捨てたものではない
読み方:すてたものではない
「捨てたものではない」の意味
役に立たない、価値がないと見限るほどではなく、まだ十分な価値や見込みがあるという意味です。
初めはあまり期待していなかったものを改めて評価し、「思ったよりよい」「まだ可能性がある」と認める響きを伴うことがあります。
「捨てたものではない」の語源・由来
役に立たないものなら捨ててしまってよい、という考えを否定した表現に由来します。
「捨てる」を、単に物を廃棄することではなく、価値がないものとして見限る意味で用い、「捨てたものではない」と否定することで、評価すべき価値が残っていることを示すようになりました。
「〜ものではない」には、好ましくない内容の動詞を受け、そのように否定的に見るべきではないという判断を示す使い方があります。

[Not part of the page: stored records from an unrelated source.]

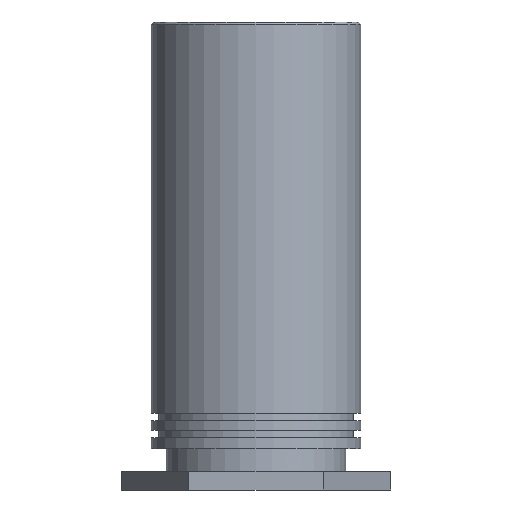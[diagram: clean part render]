
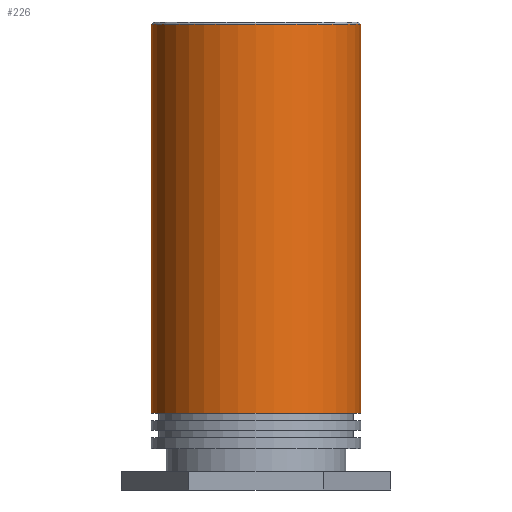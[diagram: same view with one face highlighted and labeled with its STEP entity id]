
A CAD part, front view. The second image highlights one B-rep face of the part: STEP entity #226.
In plain terms, the highlighted cylindrical face has radius 3.556 mm (diameter 7.112 mm), a full revolution.
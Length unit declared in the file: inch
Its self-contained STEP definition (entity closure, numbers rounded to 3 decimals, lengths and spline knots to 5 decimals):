
#195=CARTESIAN_POINT('',(0.14,0.,0.622));
#196=VERTEX_POINT('',#195);
#197=CARTESIAN_POINT('',(0.0,0.0,0.622));
#198=DIRECTION('',(0.0,0.0,1.0));
#199=DIRECTION('',(-1.0,0.0,0.0));
#200=AXIS2_PLACEMENT_3D('',#197,#198,#199);
#201=CIRCLE('',#200,0.14);
#202=EDGE_CURVE('',#196,#196,#201,.T.);
#207=CARTESIAN_POINT('',(0.0,0.0,0.0));
#208=DIRECTION('',(0.0,0.0,1.0));
#209=DIRECTION('',(-1.0,0.0,0.0));
#210=AXIS2_PLACEMENT_3D('',#207,#208,#209);
#211=CYLINDRICAL_SURFACE('',#210,0.14);
#212=CARTESIAN_POINT('',(0.0,-0.14,0.1025));
#213=VERTEX_POINT('',#212);
#214=CARTESIAN_POINT('',(0.0,0.0,0.1025));
#215=DIRECTION('',(0.0,0.0,1.0));
#216=DIRECTION('',(-1.0,0.0,0.0));
#217=AXIS2_PLACEMENT_3D('',#214,#215,#216);
#218=CIRCLE('',#217,0.14);
#219=EDGE_CURVE('',#213,#213,#218,.T.);
#220=ORIENTED_EDGE('',*,*,#219,.T.);
#221=EDGE_LOOP('',(#220));
#222=FACE_OUTER_BOUND('',#221,.T.);
#223=ORIENTED_EDGE('',*,*,#202,.F.);
#224=EDGE_LOOP('',(#223));
#225=FACE_BOUND('',#224,.T.);
#226=ADVANCED_FACE('',(#222,#225),#211,.T.);

「捨てたものではない」も、この使い方が慣用的に定着した表現です。
「捨てたものではない」の使い方
次のような型がよく使われます。
- 「〜は捨てたものではない」
「は」の前に、評価する物事や能力などを置きます。「この店の味は捨てたものではない」「彼の文章力は捨てたものではない」などの形です。 - 「〜も捨てたものではない」
「も」を使うと、低く見ていた対象について意外な価値を認める言い方になりやすくなります。「中古品も捨てたものではない」「昔の道具も捨てたものではない」などと使います。 - 「まだまだ捨てたものではない」
「まだまだ」を添え、価値や力が十分残っていることを強調します。「この機械もまだまだ捨てたものではない」「世の中もまだまだ捨てたものではない」などの形です。 - 「まんざら捨てたものではない」
「まんざら」を添えると、全面的に悪いとはいえず、むしろ評価できるという含みが出ます。「この味もまんざら捨てたものではない」「彼の案もまんざら捨てたものではない」などと使います。

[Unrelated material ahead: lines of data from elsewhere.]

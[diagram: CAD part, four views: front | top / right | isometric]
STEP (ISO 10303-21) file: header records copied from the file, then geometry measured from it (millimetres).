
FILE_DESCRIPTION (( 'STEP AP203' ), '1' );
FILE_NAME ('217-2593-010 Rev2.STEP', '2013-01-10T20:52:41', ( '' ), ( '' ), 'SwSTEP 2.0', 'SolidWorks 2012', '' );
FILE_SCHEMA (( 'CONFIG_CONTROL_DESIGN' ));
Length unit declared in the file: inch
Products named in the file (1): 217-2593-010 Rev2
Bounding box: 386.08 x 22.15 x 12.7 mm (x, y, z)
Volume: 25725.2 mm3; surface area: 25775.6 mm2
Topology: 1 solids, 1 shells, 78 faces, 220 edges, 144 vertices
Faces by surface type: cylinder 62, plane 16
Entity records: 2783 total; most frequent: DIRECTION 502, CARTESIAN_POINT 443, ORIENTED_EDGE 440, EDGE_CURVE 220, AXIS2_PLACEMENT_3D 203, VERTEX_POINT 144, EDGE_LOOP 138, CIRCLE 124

会話では「捨てたものじゃない」「捨てたもんじゃない」というくだけた形も使われます。
「捨てたものではない」の例文
- 予選では苦戦したが、終盤の追い上げを見ると、このチームも捨てたものではない。
- 十年前のノートパソコンでも、文章を書く程度なら性能は捨てたものではない。
- 旅先で見知らぬ人に何度も助けられ、世の中もまだまだ捨てたものではないと思った。
「捨てたものではない」の類似表現
満更でもない(まんざらでもない)
「満更でもない」は、まったくだめというわけではなく、必ずしも悪くない、場合によってはかなりよいという評価に使えます。
「捨てたものではない」は、見限るほど価値がないわけではないという判断を表しやすいのに対し、「満更でもない」は物事の出来や結果のほか、本人が内心では嫌がっていない様子などにも使えます。
「満更でもない顔をする」とはいえますが、「捨てたものではない顔をする」とは通常いいません。
見込みがある(みこみがある)
「見込みがある」は、これから成長したり成功したりする可能性がある人や物事について使う表現です。
「捨てたものではない」は将来性だけでなく、古い物の性能や料理の味など、すでに備わっている価値を見直す場合にも使えます。
「捨てたものではない」の古い用例
『精選版 日本国語大辞典』には、若月紫蘭『東京年中行事』(1911年)から「海を控へての景色は万更捨てたものではない」という記述が収録されています。
景色を全面的に悪いものとは評価しない言い方で、現在の「捨てたものではない」とほぼ同じ使われ方です。
この記述では「まんざら」が「万更」と表記され、「捨てたものではない」と組み合わされています。
少なくとも明治時代末期には、現在につながる比喩的な表現が用いられていました。
参考文献・出典
- 新村出編『広辞苑』第七版、岩波書店、2018年。
- 米川明彦・大谷伊都子編『日本語慣用句辞典』東京堂出版、2005年、「捨てたものではない」項。
- 小学館国語辞典編集部編『精選版 日本国語大辞典』小学館、2005~2006年、「ものだ」項。
- 松村明監修『大辞泉』第二版、小学館、2012年、「捨てたものではない」項。
- 集英社辞典編集部編『ルーツでなるほど慣用句辞典』集英社、1991年、「捨てたものではない」項。